Sample Type / Medical Specialty: Neurology
Sample Name: CT Brain - Calcification of Basal Ganglia
CT Brain to evaluate episodic mental status change, RUE numbness, chorea, and calcification of Basal Ganglia (globus pallidi).
(Medical Transcription Sample Report)
Episodic mental status change and RUE numbness, and chorea (found on exam).HX:
This 78y/o RHM was referred for an episode of unusual behavior and RUE numbness. In 9/91, he experienced near loss of consciousness, generalized weakness, headache and vomiting. Evaluation at that time revealed an serum glucose of >500mg/dL and he was placed on insulin therapy with subsequent resolution of his signs and symptoms. Since then, he became progressively more forgetful, and at the time of evaluation, 1/17/93, had lost his ability to perform his job repairing lawn mowers. His wife had taken over the family finances.

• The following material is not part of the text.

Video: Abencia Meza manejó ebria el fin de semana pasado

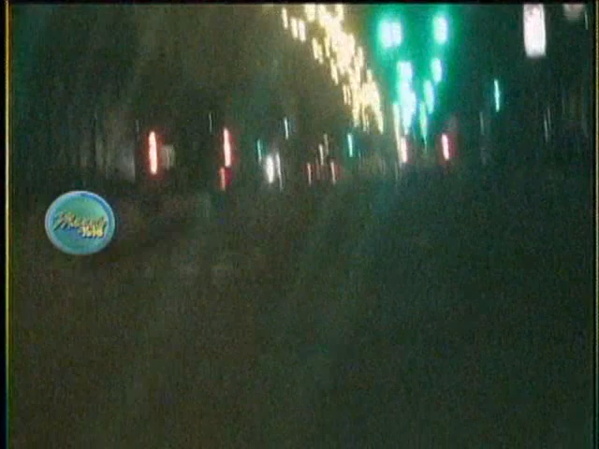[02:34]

He had also been "stumbling," when ambulating, for 2 months prior to presentation. He was noted to be occasionally confused upon awakening for last several months. On 1/15/93, he was lying on a couch when he suddenly began throwing pillows and blankets for no apparent reason. There had been no change in sleep, appetite, or complaint of depression.

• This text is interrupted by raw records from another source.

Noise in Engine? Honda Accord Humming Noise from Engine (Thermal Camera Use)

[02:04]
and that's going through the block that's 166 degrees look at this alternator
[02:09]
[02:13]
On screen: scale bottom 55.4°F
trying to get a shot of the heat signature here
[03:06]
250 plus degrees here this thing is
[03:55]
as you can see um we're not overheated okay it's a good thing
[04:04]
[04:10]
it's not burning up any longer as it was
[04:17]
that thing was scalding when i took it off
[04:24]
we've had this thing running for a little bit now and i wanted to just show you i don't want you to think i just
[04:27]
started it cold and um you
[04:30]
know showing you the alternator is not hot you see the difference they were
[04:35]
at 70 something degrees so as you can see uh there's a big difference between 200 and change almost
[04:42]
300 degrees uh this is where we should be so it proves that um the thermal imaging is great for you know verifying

In addition, for two months prior to presentation, he had been experiencing 10-15minute episodes of RUE numbness. There was no face or lower extremity involvement.

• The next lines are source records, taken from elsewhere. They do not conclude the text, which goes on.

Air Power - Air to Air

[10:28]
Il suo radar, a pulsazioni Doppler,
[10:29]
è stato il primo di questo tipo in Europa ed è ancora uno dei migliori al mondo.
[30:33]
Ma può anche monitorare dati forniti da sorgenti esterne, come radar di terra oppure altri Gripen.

During the last year he had developed unusual movements of his extremities.MEDS:
NPH Humulin 12U qAM and 6U qPM. Advil prn.PMH:
1) Traumatic amputation of the 4th and 5th digits of his left hand. 2) Hospitalized for an unknown "nervous" condition in the 1940's.SHX/FHX:
Retired small engine mechanic who worked in a poorly ventilated shop. Married with 13 children. No history of ETOH, Tobacco or illicit drug use. Father had tremors following a stroke. Brother died of brain aneurysm. No history of depression, suicide, or Huntington's disease in family.ROS:
no history of CAD, Renal or liver disease, SOB, Chest pain, fevers, chills, night sweats or weight loss. No report of sign of bleeding.EXAM:
BP138/63 HR65 RR15 36.1C
MS: Alert and oriented to self, season; but not date, year, or place. Latent verbal responses and direction following. Intact naming, but able to repeat only simple but not complex phrases. Slowed speech, with mild difficulty with word finding. 2/3 recall at one minute and 0/3 at 3 minutes. Knew the last 3 presidents. 14/27 on MMSE: unable to spell "world" backwards. Unable to read/write for complaint of inability to see without glasses.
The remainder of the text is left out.